--- START ---
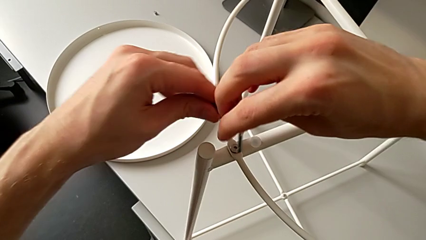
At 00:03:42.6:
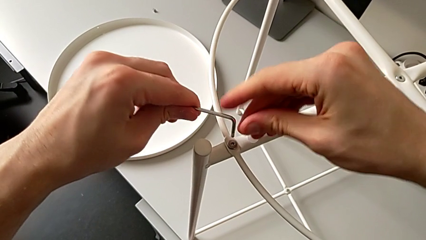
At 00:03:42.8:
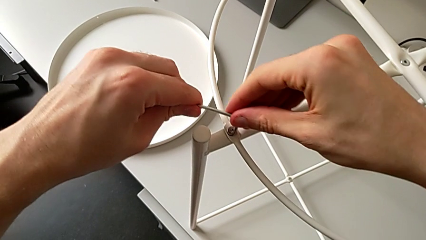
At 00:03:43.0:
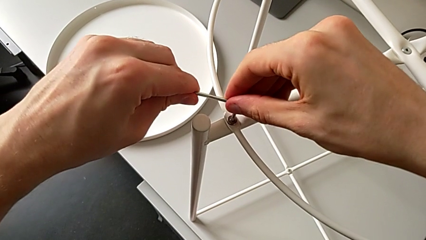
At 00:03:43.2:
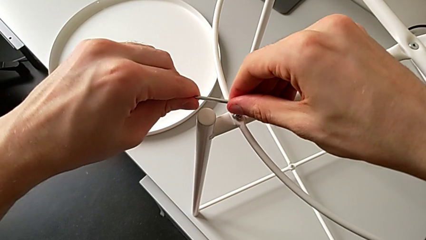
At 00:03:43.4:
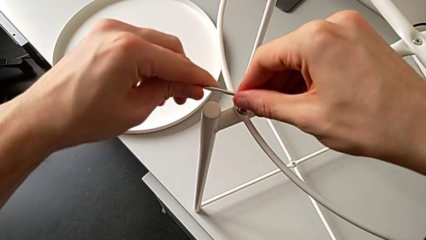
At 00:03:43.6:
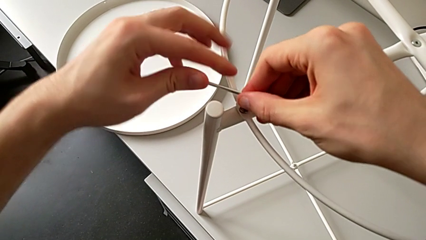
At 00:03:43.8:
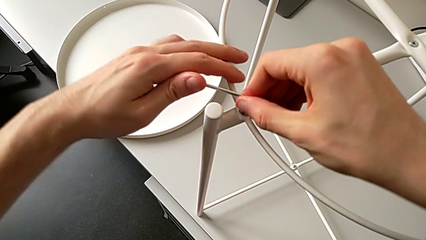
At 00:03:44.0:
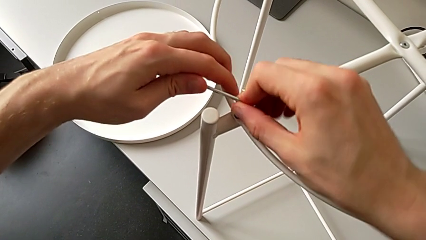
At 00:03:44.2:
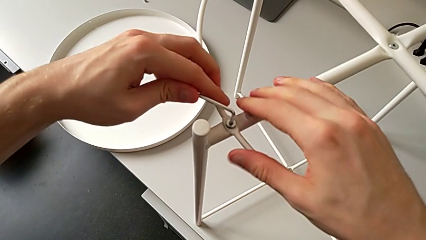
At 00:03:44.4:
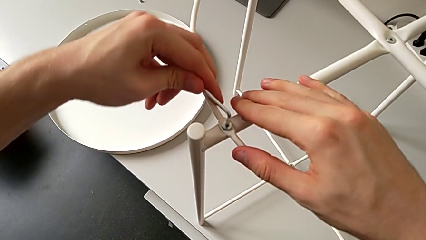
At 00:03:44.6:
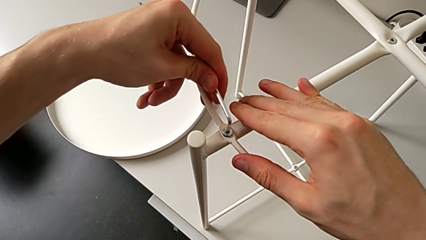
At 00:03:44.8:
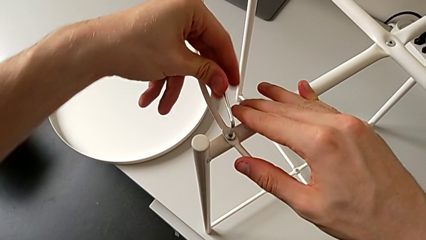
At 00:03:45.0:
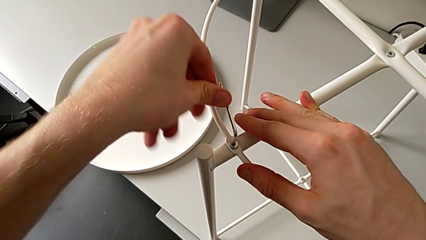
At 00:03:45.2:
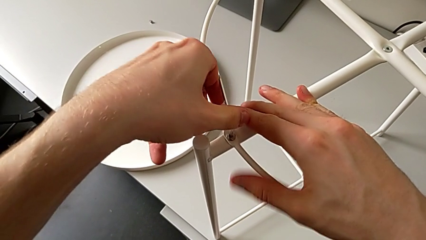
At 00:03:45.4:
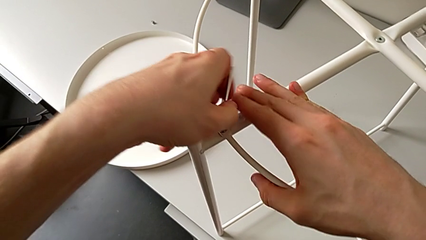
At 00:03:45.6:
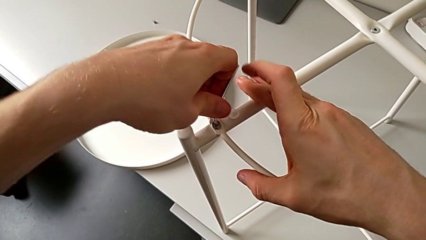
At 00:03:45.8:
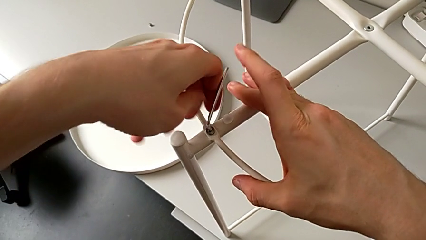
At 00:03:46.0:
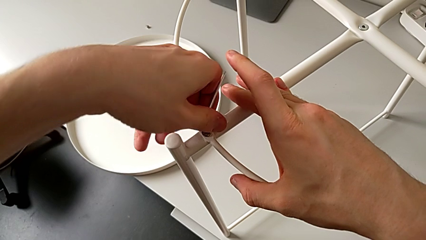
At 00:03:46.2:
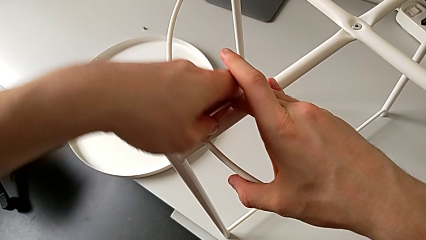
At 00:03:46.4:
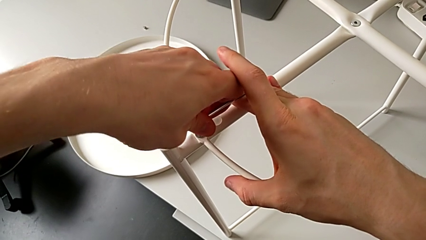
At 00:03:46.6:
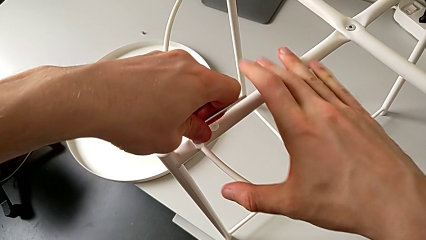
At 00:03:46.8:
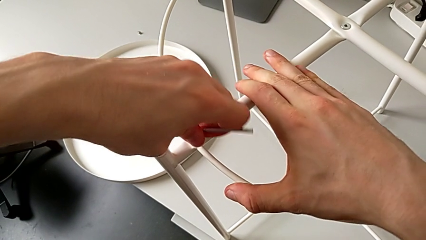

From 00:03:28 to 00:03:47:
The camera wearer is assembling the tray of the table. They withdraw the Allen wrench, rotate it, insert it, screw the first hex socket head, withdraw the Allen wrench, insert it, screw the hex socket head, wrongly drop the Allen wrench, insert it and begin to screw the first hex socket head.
--- END ---
__Activity__. Exactly as written, restate all of the data, leaving out the images.

__Finished task__.
At 00:03:42.6:
At 00:03:42.8:
At 00:03:43.0:
At 00:03:43.2:
At 00:03:43.4:
At 00:03:43.6:
At 00:03:43.8:
At 00:03:44.0:
At 00:03:44.2:
At 00:03:44.4:
At 00:03:44.6:
At 00:03:44.8:
At 00:03:45.0:
At 00:03:45.2:
At 00:03:45.4:
At 00:03:45.6:
At 00:03:45.8:
At 00:03:46.0:
At 00:03:46.2:
At 00:03:46.4:
At 00:03:46.6:
At 00:03:46.8:

From 00:03:28 to 00:03:47:
The camera wearer is assembling the tray of the table. They withdraw the Allen wrench, rotate it, insert it, screw the first hex socket head, withdraw the Allen wrench, insert it, screw the hex socket head, wrongly drop the Allen wrench, insert it and begin to screw the first hex socket head.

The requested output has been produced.